Part II: The Advantage of Bundling
This past weekend, I talked about the disadvantages that some VoIP services could face if other services partnered with the carriers and offered a co-branded/co-bundled offering.
It appears the disadvantages could potentially be much worse than I laid out in my post…
Folks on the Vonage VoIP forums are indicating that at least one carrier (in Qatar) has shut-down the ability for all VoIP service providers to run on their network.
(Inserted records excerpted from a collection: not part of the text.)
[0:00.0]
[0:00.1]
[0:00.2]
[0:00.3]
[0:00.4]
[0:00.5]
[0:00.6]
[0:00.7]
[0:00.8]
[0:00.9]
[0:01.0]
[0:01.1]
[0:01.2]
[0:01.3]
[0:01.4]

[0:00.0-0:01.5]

Likely you’re thinking what I first thought…this couldn’t happen in the U.S. where carriers are legally obligated to allow all IP traffic to pass through their pipes! But, a recent article in IEEE Spectrum that discusses the technology used to identify and block VoIP packets also addresses the issue of U.S. carriers:
“In the United States and many other countries, a phone company’s common carrier status prevents it from blocking potentially competitive services.
‘But there’s nothing that keeps a carrier in the United States from introducing jitter, so the quality of the conversation isn’t good,’ Thomas says. ‘So the user will either pay for the carrier’s voice-over-Internet application, which brings revenue to the carrier, or pay the carrier for a premium service that allows Skype use to continue. You can deteriorate the service, introduce latency [audible delays in hearing the other end of the line], and also offer a premium to improve it.’
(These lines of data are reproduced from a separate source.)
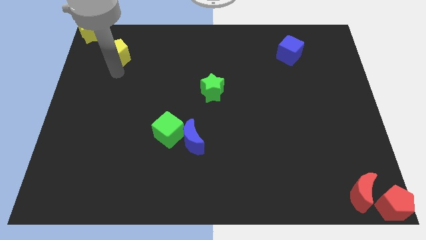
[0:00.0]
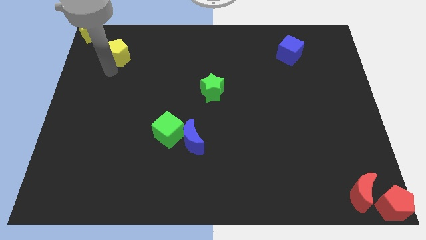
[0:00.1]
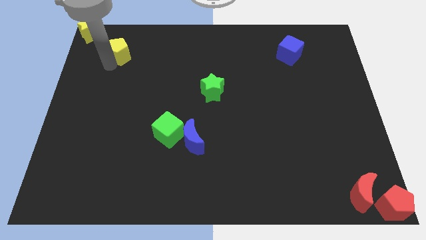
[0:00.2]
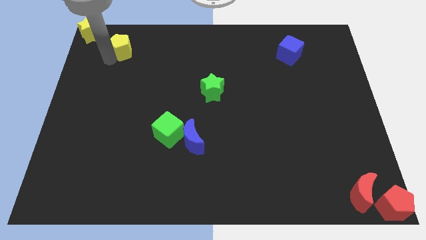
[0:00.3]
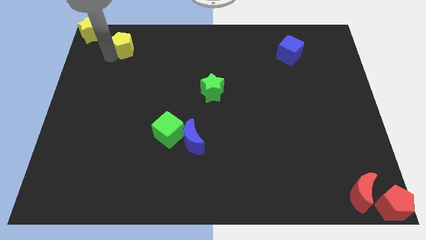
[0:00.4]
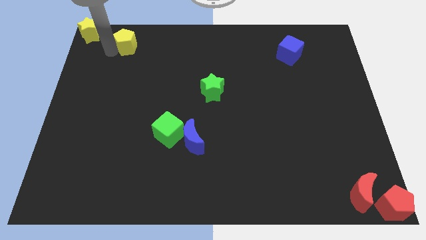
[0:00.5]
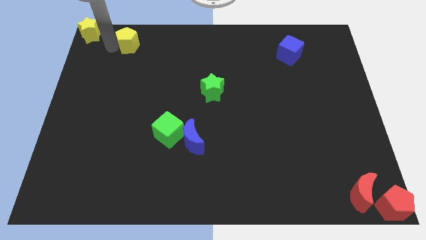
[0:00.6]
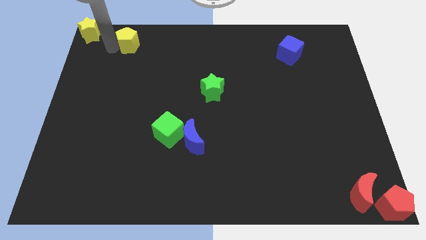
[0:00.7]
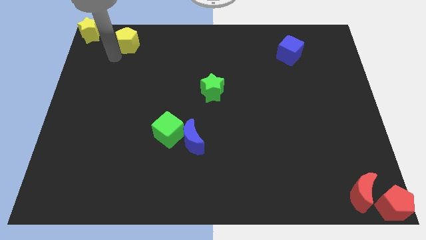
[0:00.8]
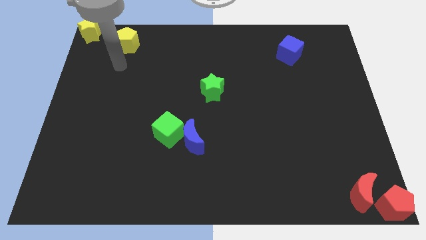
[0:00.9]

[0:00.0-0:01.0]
place the yellow pentagon diagonally to the yellow star

U.S. broadband-cable companies are considered information services, which by law gives them the right to block VoIP calls. Comcast Corp., in Philadelphia, the country’s largest cable company, is already a Narus customer; Thomas declined to say whether Comcast uses the VoIP-blocking capabilities.
In August, a Federal Communications Commission ruling gave phone companies the same latitude for DSL. “
Another reason why a partnership with a carrier may be critically important to the success of a VoIP service in the U.S.
December 12th, 2005 at 9:05 pm
If the major carriers go down a path of deteriorating their own services to their customers, they will suffer at the hands of other providers who do not have the same entrenched interests. Maybe it’ll be the 802.11-based mesh networks, or some follow on, but the path of degrading their own services will just leave them open to a competitor who doesn’t.
If the cable/telephone hold on the last mile goes, all of this power will dissipate pretty fast. As it is, it’ll become pretty well-known if someone is doing this, and their reputation with customers will go to less than zero.
December 12th, 2005 at 11:07 pm
In that scenario, the carriers are getting squeezed by both their customers and by the content/data providers (Google, Yahoo, and Skype). The data providers provide continually higher bandwidth content (like production quality TV), and customers forever demand this higher bandwidth content, and the carriers are forced to upgrade their infrastructure to support it without any additional revenue.
This scenario can’t last, and the carriers will either have to try to regulate against it (a short-term strategy), charge higher prices or premiums (unlikely to continue in a mature market), or partner with specific data providers and cut off the rest.
Though I agree that it will be interesting to see how the less mature technologies (data over power lines, etc) fare in this new world order where there may be an opportunity to step in and provide lower-cost services to early-adopters.